Records from a dataset:
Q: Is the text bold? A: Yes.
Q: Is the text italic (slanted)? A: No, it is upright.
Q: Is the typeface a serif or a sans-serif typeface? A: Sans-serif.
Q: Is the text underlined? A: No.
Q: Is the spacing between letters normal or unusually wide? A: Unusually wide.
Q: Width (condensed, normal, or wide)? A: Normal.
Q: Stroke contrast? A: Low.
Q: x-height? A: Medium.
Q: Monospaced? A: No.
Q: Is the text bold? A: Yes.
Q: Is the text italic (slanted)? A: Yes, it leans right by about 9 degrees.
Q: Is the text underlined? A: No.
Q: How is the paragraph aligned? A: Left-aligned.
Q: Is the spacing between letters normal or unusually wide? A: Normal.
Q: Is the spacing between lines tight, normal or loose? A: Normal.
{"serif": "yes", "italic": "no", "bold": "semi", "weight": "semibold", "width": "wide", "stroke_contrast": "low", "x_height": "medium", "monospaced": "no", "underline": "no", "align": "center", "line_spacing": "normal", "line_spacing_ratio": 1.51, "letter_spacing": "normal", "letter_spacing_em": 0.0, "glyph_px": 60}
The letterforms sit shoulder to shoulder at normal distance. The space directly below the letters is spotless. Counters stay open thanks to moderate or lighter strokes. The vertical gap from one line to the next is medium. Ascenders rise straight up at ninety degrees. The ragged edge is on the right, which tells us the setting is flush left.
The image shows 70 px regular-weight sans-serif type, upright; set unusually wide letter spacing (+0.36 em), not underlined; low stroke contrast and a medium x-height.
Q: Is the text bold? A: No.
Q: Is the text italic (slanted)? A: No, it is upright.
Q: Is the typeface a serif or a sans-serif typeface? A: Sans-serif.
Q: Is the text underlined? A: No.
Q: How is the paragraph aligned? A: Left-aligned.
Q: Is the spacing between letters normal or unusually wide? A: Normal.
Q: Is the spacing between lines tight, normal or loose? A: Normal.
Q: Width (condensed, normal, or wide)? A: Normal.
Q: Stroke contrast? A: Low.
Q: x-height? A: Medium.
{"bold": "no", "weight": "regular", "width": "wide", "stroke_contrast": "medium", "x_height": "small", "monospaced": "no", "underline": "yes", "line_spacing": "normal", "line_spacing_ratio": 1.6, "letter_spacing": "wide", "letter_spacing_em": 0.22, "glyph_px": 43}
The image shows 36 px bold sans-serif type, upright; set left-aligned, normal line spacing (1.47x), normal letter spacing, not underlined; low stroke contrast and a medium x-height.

### Work instructions
The answer must be a single number: how many lines above contain the word "normal".

### Output
11